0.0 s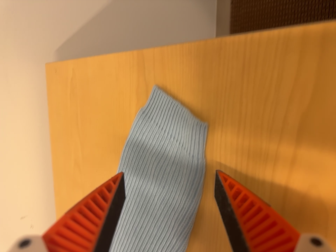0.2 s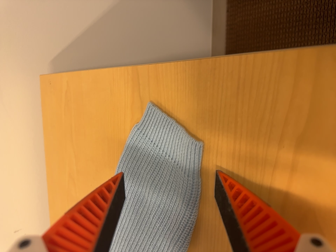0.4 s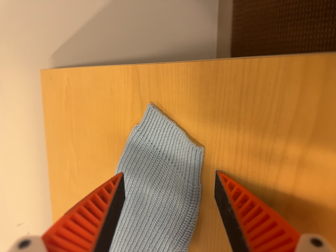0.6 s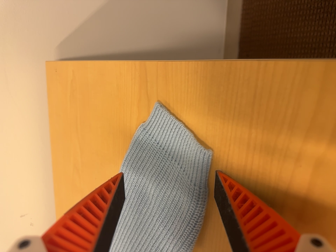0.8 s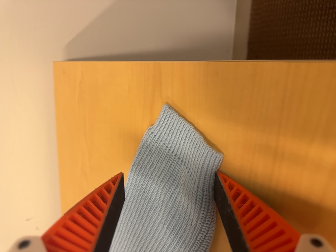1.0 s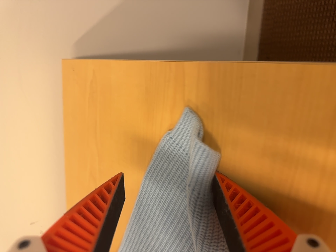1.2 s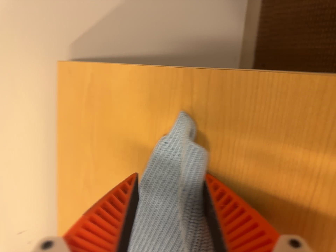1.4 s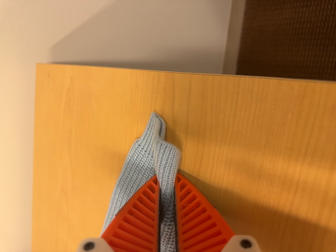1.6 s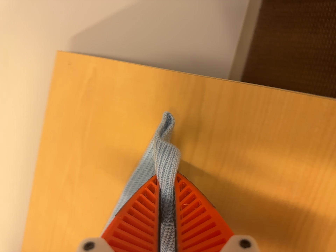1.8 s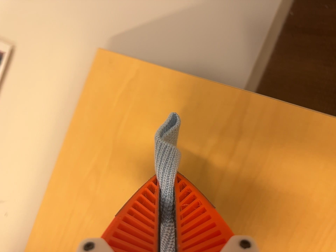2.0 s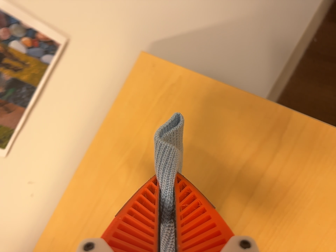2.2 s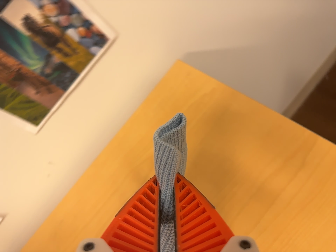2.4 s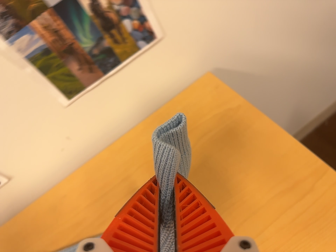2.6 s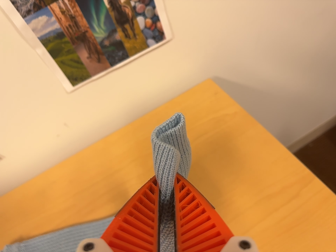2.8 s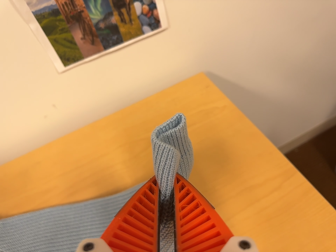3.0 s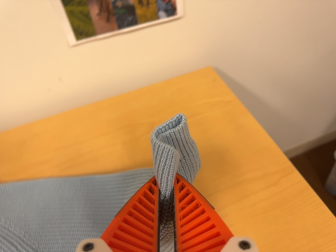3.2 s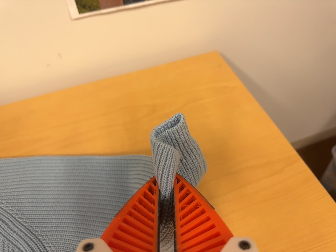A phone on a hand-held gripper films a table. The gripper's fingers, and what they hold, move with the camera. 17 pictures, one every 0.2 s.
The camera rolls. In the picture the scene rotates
clockwise.
0.0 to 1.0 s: The camera travels forward and toward the top of its view, about 7 cm, so what stands in front looms larger.
1.0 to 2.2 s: The camera travels to its left, about 22 cm. Its aim tips toward the top of its view by about 10 degrees, and the scene shifts downward. It rolls about its line of sight by about 35 degrees, and the scene rotates clockwise.
2.2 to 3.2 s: The camera pans to its right by about 10 degrees. It travels toward the bottom of its view and to its left, about 16 cm, so close, fixed things drift upward. It rolls about its line of sight by about 35 degrees, and the scene rotates clockwise.
The film runs forward here.
--- --- ---
**Work task**:
Each line from the one with "The camera rolls." through the last line of the material is to be retyped exactly, and no other line is.

**Answer section**:
The camera rolls. In the picture the scene rotates
clockwise.
0.0 to 1.0 s: The camera travels forward and toward the top of its view, about 7 cm, so what stands in front looms larger.
1.0 to 2.2 s: The camera travels to its left, about 22 cm. Its aim tips toward the top of its view by about 10 degrees, and the scene shifts downward. It rolls about its line of sight by about 35 degrees, and the scene rotates clockwise.
2.2 to 3.2 s: The camera pans to its right by about 10 degrees. It travels toward the bottom of its view and to its left, about 16 cm, so close, fixed things drift upward. It rolls about its line of sight by about 35 degrees, and the scene rotates clockwise.
The film runs forward here.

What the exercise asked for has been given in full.